## The problem
Return every entry below word for word and leave out any picture.

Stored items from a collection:

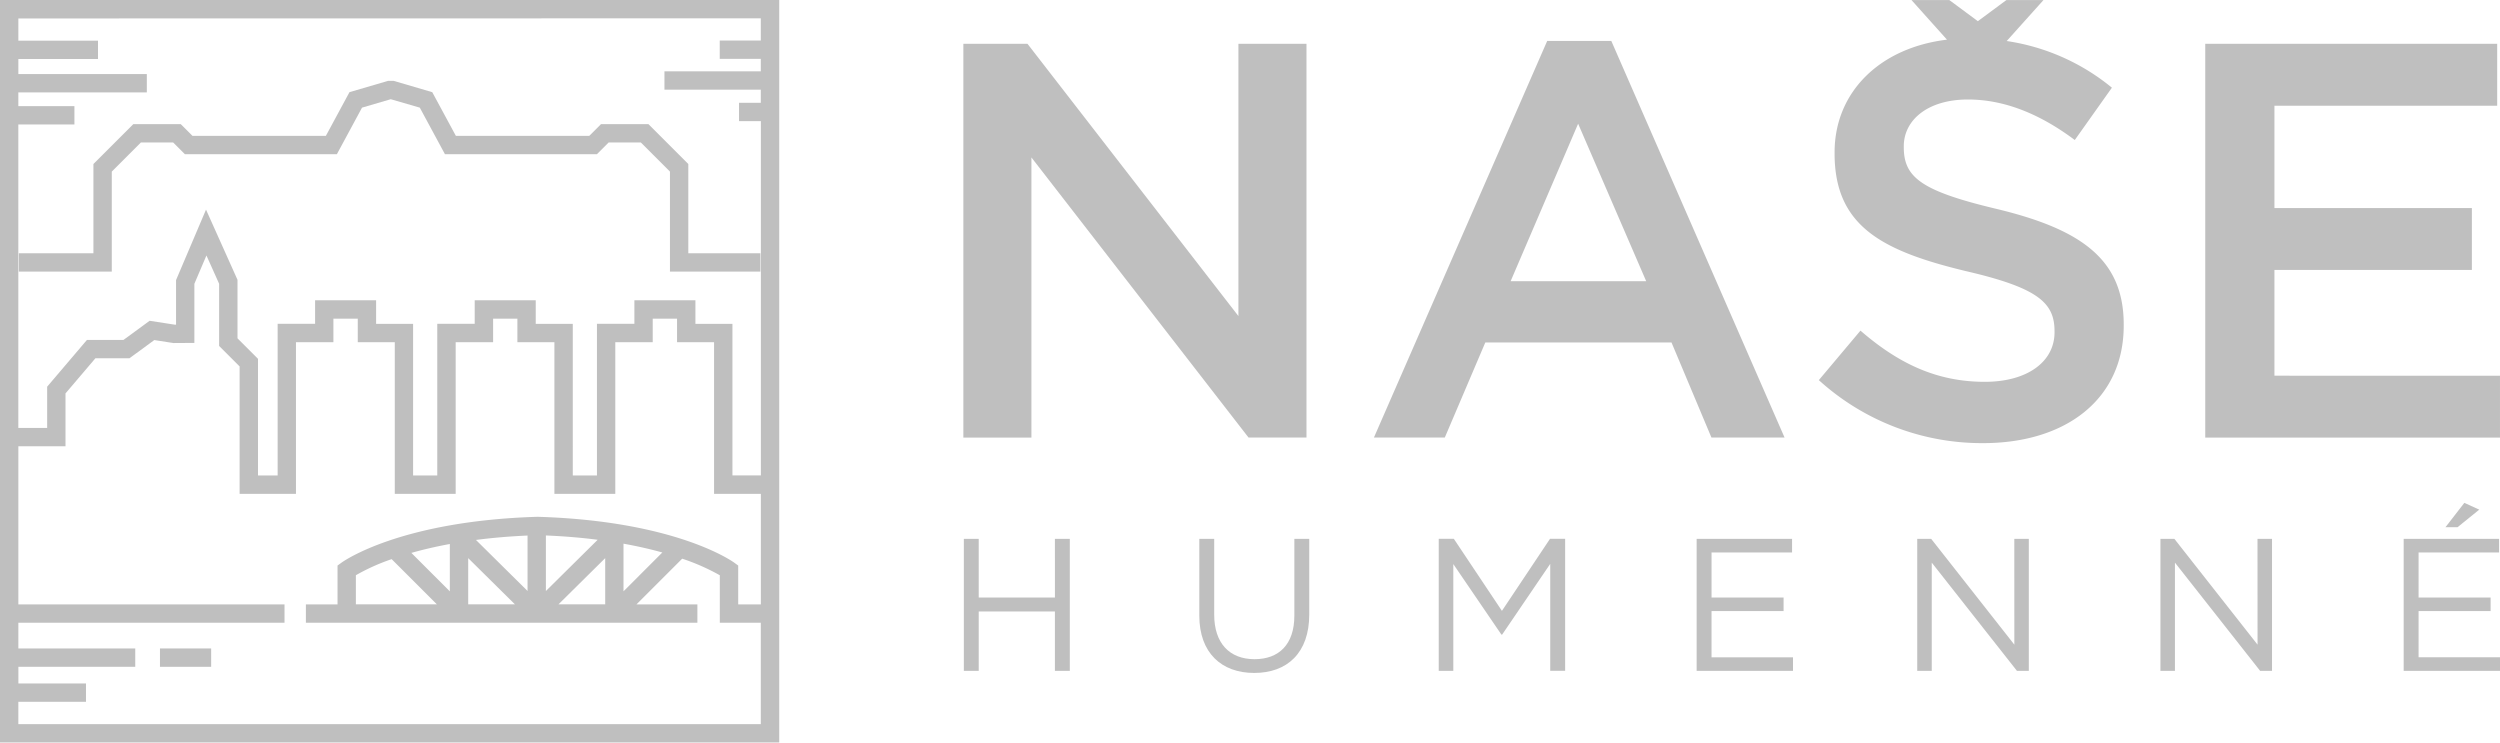 <svg xmlns="http://www.w3.org/2000/svg" width="231.801" height="68.847" viewBox="0 0 231.801 68.847">
  <g id="Group_353" data-name="Group 353" transform="translate(-248.359 -287.218)">
    <path id="Path_1198" data-name="Path 1198" d="M352.865,346.362H345.8v-5.438H344.42v12.24H345.8v-5.508h7.064v5.508h1.382v-12.24h-1.382Z" transform="translate(-6.693 -3.742)" fill="#bfbfbf"/>
    <path id="Path_1199" data-name="Path 1199" d="M376.7,348.041c0,2.676-1.434,4.039-3.69,4.039-2.325,0-3.742-1.487-3.742-4.127v-7.029h-1.381v7.116c0,3.462,2.063,5.316,5.088,5.316,3.06,0,5.106-1.854,5.106-5.421v-7.011H376.7Z" transform="translate(-8.328 -3.742)" fill="#bfbfbf"/>
    <path id="Path_1200" data-name="Path 1200" d="M397.608,347.6l-4.459-6.68h-1.4v12.24H393.1v-9.9l4.459,6.539h.07l4.458-6.557v9.914h1.382v-12.24h-1.4Z" transform="translate(-9.99 -3.742)" fill="#bfbfbf"/>
    <path id="Path_1201" data-name="Path 1201" d="M418.835,347.621h6.68v-1.259h-6.68v-4.179H426.3v-1.259h-8.847v12.24h8.935v-1.259h-7.554Z" transform="translate(-11.781 -3.742)" fill="#bfbfbf"/>
    <path id="Path_1202" data-name="Path 1202" d="M448.443,350.733l-7.711-9.809h-1.294v12.24h1.347V343.128l7.9,10.036h1.1v-12.24h-1.346Z" transform="translate(-13.313 -3.742)" fill="#bfbfbf"/>
    <path id="Path_1203" data-name="Path 1203" d="M472.681,350.733l-7.711-9.809h-1.294v12.24h1.346V343.128l7.9,10.036h1.1v-12.24h-1.346Z" transform="translate(-15.001 -3.742)" fill="#bfbfbf"/>
    <path id="Path_1204" data-name="Path 1204" d="M489.3,351.905v-4.284h6.679v-1.259H489.3v-4.179h7.466v-1.259h-8.848v12.24h8.935v-1.259Z" transform="translate(-16.69 -3.742)" fill="#bfbfbf"/>
    <path id="Path_1205" data-name="Path 1205" d="M495.217,337.964l-1.382-.629-1.748,2.256h1.119Z" transform="translate(-16.981 -3.492)" fill="#bfbfbf"/>
    <path id="Path_1206" data-name="Path 1206" d="M350.682,328.094V302.12l20.132,25.973h5.372V291.585h-6.311v25.243l-19.558-25.243h-5.946v36.509Z" transform="translate(-6.689 -0.304)" fill="#bfbfbf"/>
    <path id="Path_1207" data-name="Path 1207" d="M416.585,328.074h6.78L407.3,291.3h-5.945l-16.064,36.769h6.572l3.755-8.814h17.262Zm-18.619-14.5,6.258-14.6,6.31,14.6Z" transform="translate(-9.54 -0.285)" fill="#bfbfbf"/>
    <path id="Path_1208" data-name="Path 1208" d="M446.218,306.614c-7.041-1.669-8.71-2.92-8.71-5.736v-.105c0-2.4,2.19-4.329,5.945-4.329,3.338,0,6.625,1.3,9.91,3.756l3.442-4.851a19.955,19.955,0,0,0-9.754-4.327l3.41-3.8h-3.438l-2.648,1.96-2.647-1.96H438.22l3.292,3.674c-6.162.739-10.42,4.8-10.42,10.455v.1c0,6.728,4.381,9.022,12.153,10.9,6.779,1.565,8.24,2.972,8.24,5.58v.1c0,2.712-2.5,4.59-6.468,4.59-4.485,0-8.032-1.721-11.526-4.747l-3.86,4.589a22.49,22.49,0,0,0,15.23,5.842c7.667,0,13.039-4.067,13.039-10.9v-.1C457.9,311.256,453.937,308.492,446.218,306.614Z" transform="translate(-12.629 0)" fill="#bfbfbf"/>
    <path id="Path_1209" data-name="Path 1209" d="M474.559,322.357v-9.805h18.306v-5.737H474.559v-9.492h20.653v-5.737H468.144v36.509h27.328v-5.737Z" transform="translate(-15.313 -0.304)" fill="#bfbfbf"/>
    <g id="Group_354" data-name="Group 354" transform="translate(248.359 287.218)">
      <rect id="Rectangle_974" data-name="Rectangle 974" width="4.746" height="1.702" transform="translate(14.832 60.125)" fill="#bfbfbf"/>
      <path id="Path_1210" data-name="Path 1210" d="M368.127,240.5h72.251V171.657H368.127Zm1.7-1.7v-2.07H376.1v-1.7h-6.268v-1.546h10.836v-1.7H369.829V229.4h24.679v-1.7H369.829V213.035H374.2v-4.9l2.772-3.257h3.155l2.307-1.69,1.771.276,1.944-.012v-5.479l1.119-2.629,1.176,2.624v5.764l1.9,1.9v11.816h5.225V203.386h3.472v-2.18H401.3v2.18h3.432v14.064h5.645V203.386h3.471v-2.18H416.1v2.18h3.432v14.064h5.645V203.386h3.471v-2.18h2.255v2.18h3.432v14.064h4.339v10.245h-2.1v-3.6l-.35-.255c-.218-.159-5.476-3.886-18.251-4.265-12.726.379-17.983,4.106-18.2,4.265l-.35.255v3.6h-2.934v1.7h36.3v-1.7h-5.647l4.238-4.237a19.853,19.853,0,0,1,3.488,1.537v4.4h3.8V238.8Zm50.082-11.108,4.333-4.285v4.285Zm-1.167-6.386c1.751.074,3.354.21,4.8.4l-4.8,4.751Zm-1.7,5.147-4.784-4.732c1.442-.189,3.036-.33,4.784-.408Zm-12.6-2.951,4.191,4.19h-7.509v-2.7A19.019,19.019,0,0,1,404.446,223.5Zm1.827-.58c1.031-.293,2.216-.577,3.567-.825v4.392Zm5.269.485,4.333,4.285h-4.333Zm14.4-1.339c1.362.244,2.56.525,3.6.816l-3.6,3.6Zm12.731-48.711v2.06h-3.808v1.7h3.808v1.153h-8.934v1.7h8.934v1.218H436.65v1.7h2.026v32.851h-2.637V201.684h-3.432V199.5h-5.659v2.18h-3.471v14.064h-2.241V201.684H417.8V199.5h-5.659v2.18h-3.471v14.064h-2.241V201.684H403V199.5h-5.658v2.18H393.87v14.064h-1.821V204.928l-1.9-1.9v-5.424l-2.92-6.51-2.779,6.533v4.134h-.115L382,201.4l-2.428,1.778h-3.385l-3.687,4.333v3.823h-2.673V183.2h5.2v-1.7h-5.2v-1.277h11.914v-1.7H369.829v-1.395h7.385v-1.7h-7.385v-2.06Z" transform="translate(-368.127 -171.657)" fill="#bfbfbf"/>
      <path id="Path_1211" data-name="Path 1211" d="M377.607,190.378v8.276h-6.918v1.7h8.62v-9.273l2.7-2.7H385l1.09,1.09h14.089l2.333-4.32,2.664-.781,2.692.781,2.334,4.32h14.088l1.09-1.09h2.983l2.7,2.7v9.273h8.387v-1.7h-6.685v-8.276l-3.7-3.7h-4.392l-1.09,1.09H411.213l-2.189-4.051-3.58-1.049h-.516l-3.58,1.049-2.188,4.051H386.791l-1.09-1.09h-4.392Z" transform="translate(-368.945 -175.171)" fill="#bfbfbf"/>
    </g>
  </g>
</svg>

## Answer space
 <svg xmlns="http://www.w3.org/2000/svg" width="231.801" height="68.847" viewBox="0 0 231.801 68.847">
  <g id="Group_353" data-name="Group 353" transform="translate(-248.359 -287.218)">
    <path id="Path_1198" data-name="Path 1198" d="M352.865,346.362H345.8v-5.438H344.42v12.24H345.8v-5.508h7.064v5.508h1.382v-12.24h-1.382Z" transform="translate(-6.693 -3.742)" fill="#bfbfbf"/>
    <path id="Path_1199" data-name="Path 1199" d="M376.7,348.041c0,2.676-1.434,4.039-3.69,4.039-2.325,0-3.742-1.487-3.742-4.127v-7.029h-1.381v7.116c0,3.462,2.063,5.316,5.088,5.316,3.06,0,5.106-1.854,5.106-5.421v-7.011H376.7Z" transform="translate(-8.328 -3.742)" fill="#bfbfbf"/>
    <path id="Path_1200" data-name="Path 1200" d="M397.608,347.6l-4.459-6.68h-1.4v12.24H393.1v-9.9l4.459,6.539h.07l4.458-6.557v9.914h1.382v-12.24h-1.4Z" transform="translate(-9.99 -3.742)" fill="#bfbfbf"/>
    <path id="Path_1201" data-name="Path 1201" d="M418.835,347.621h6.68v-1.259h-6.68v-4.179H426.3v-1.259h-8.847v12.24h8.935v-1.259h-7.554Z" transform="translate(-11.781 -3.742)" fill="#bfbfbf"/>
    <path id="Path_1202" data-name="Path 1202" d="M448.443,350.733l-7.711-9.809h-1.294v12.24h1.347V343.128l7.9,10.036h1.1v-12.24h-1.346Z" transform="translate(-13.313 -3.742)" fill="#bfbfbf"/>
    <path id="Path_1203" data-name="Path 1203" d="M472.681,350.733l-7.711-9.809h-1.294v12.24h1.346V343.128l7.9,10.036h1.1v-12.24h-1.346Z" transform="translate(-15.001 -3.742)" fill="#bfbfbf"/>
    <path id="Path_1204" data-name="Path 1204" d="M489.3,351.905v-4.284h6.679v-1.259H489.3v-4.179h7.466v-1.259h-8.848v12.24h8.935v-1.259Z" transform="translate(-16.69 -3.742)" fill="#bfbfbf"/>
    <path id="Path_1205" data-name="Path 1205" d="M495.217,337.964l-1.382-.629-1.748,2.256h1.119Z" transform="translate(-16.981 -3.492)" fill="#bfbfbf"/>
    <path id="Path_1206" data-name="Path 1206" d="M350.682,328.094V302.12l20.132,25.973h5.372V291.585h-6.311v25.243l-19.558-25.243h-5.946v36.509Z" transform="translate(-6.689 -0.304)" fill="#bfbfbf"/>
    <path id="Path_1207" data-name="Path 1207" d="M416.585,328.074h6.78L407.3,291.3h-5.945l-16.064,36.769h6.572l3.755-8.814h17.262Zm-18.619-14.5,6.258-14.6,6.31,14.6Z" transform="translate(-9.54 -0.285)" fill="#bfbfbf"/>
    <path id="Path_1208" data-name="Path 1208" d="M446.218,306.614c-7.041-1.669-8.71-2.92-8.71-5.736v-.105c0-2.4,2.19-4.329,5.945-4.329,3.338,0,6.625,1.3,9.91,3.756l3.442-4.851a19.955,19.955,0,0,0-9.754-4.327l3.41-3.8h-3.438l-2.648,1.96-2.647-1.96H438.22l3.292,3.674c-6.162.739-10.42,4.8-10.42,10.455v.1c0,6.728,4.381,9.022,12.153,10.9,6.779,1.565,8.24,2.972,8.24,5.58v.1c0,2.712-2.5,4.59-6.468,4.59-4.485,0-8.032-1.721-11.526-4.747l-3.86,4.589a22.49,22.49,0,0,0,15.23,5.842c7.667,0,13.039-4.067,13.039-10.9v-.1C457.9,311.256,453.937,308.492,446.218,306.614Z" transform="translate(-12.629 0)" fill="#bfbfbf"/>
    <path id="Path_1209" data-name="Path 1209" d="M474.559,322.357v-9.805h18.306v-5.737H474.559v-9.492h20.653v-5.737H468.144v36.509h27.328v-5.737Z" transform="translate(-15.313 -0.304)" fill="#bfbfbf"/>
    <g id="Group_354" data-name="Group 354" transform="translate(248.359 287.218)">
      <rect id="Rectangle_974" data-name="Rectangle 974" width="4.746" height="1.702" transform="translate(14.832 60.125)" fill="#bfbfbf"/>
      <path id="Path_1210" data-name="Path 1210" d="M368.127,240.5h72.251V171.657H368.127Zm1.7-1.7v-2.07H376.1v-1.7h-6.268v-1.546h10.836v-1.7H369.829V229.4h24.679v-1.7H369.829V213.035H374.2v-4.9l2.772-3.257h3.155l2.307-1.69,1.771.276,1.944-.012v-5.479l1.119-2.629,1.176,2.624v5.764l1.9,1.9v11.816h5.225V203.386h3.472v-2.18H401.3v2.18h3.432v14.064h5.645V203.386h3.471v-2.18H416.1v2.18h3.432v14.064h5.645V203.386h3.471v-2.18h2.255v2.18h3.432v14.064h4.339v10.245h-2.1v-3.6l-.35-.255c-.218-.159-5.476-3.886-18.251-4.265-12.726.379-17.983,4.106-18.2,4.265l-.35.255v3.6h-2.934v1.7h36.3v-1.7h-5.647l4.238-4.237a19.853,19.853,0,0,1,3.488,1.537v4.4h3.8V238.8Zm50.082-11.108,4.333-4.285v4.285Zm-1.167-6.386c1.751.074,3.354.21,4.8.4l-4.8,4.751Zm-1.7,5.147-4.784-4.732c1.442-.189,3.036-.33,4.784-.408Zm-12.6-2.951,4.191,4.19h-7.509v-2.7A19.019,19.019,0,0,1,404.446,223.5Zm1.827-.58c1.031-.293,2.216-.577,3.567-.825v4.392Zm5.269.485,4.333,4.285h-4.333Zm14.4-1.339c1.362.244,2.56.525,3.6.816l-3.6,3.6Zm12.731-48.711v2.06h-3.808v1.7h3.808v1.153h-8.934v1.7h8.934v1.218H436.65v1.7h2.026v32.851h-2.637V201.684h-3.432V199.5h-5.659v2.18h-3.471v14.064h-2.241V201.684H417.8V199.5h-5.659v2.18h-3.471v14.064h-2.241V201.684H403V199.5h-5.658v2.18H393.87v14.064h-1.821V204.928l-1.9-1.9v-5.424l-2.92-6.51-2.779,6.533v4.134h-.115L382,201.4l-2.428,1.778h-3.385l-3.687,4.333v3.823h-2.673V183.2h5.2v-1.7h-5.2v-1.277h11.914v-1.7H369.829v-1.395h7.385v-1.7h-7.385v-2.06Z" transform="translate(-368.127 -171.657)" fill="#bfbfbf"/>
      <path id="Path_1211" data-name="Path 1211" d="M377.607,190.378v8.276h-6.918v1.7h8.62v-9.273l2.7-2.7H385l1.09,1.09h14.089l2.333-4.32,2.664-.781,2.692.781,2.334,4.32h14.088l1.09-1.09h2.983l2.7,2.7v9.273h8.387v-1.7h-6.685v-8.276l-3.7-3.7h-4.392l-1.09,1.09H411.213l-2.189-4.051-3.58-1.049h-.516l-3.58,1.049-2.188,4.051H386.791l-1.09-1.09h-4.392Z" transform="translate(-368.945 -175.171)" fill="#bfbfbf"/>
    </g>
  </g>
</svg>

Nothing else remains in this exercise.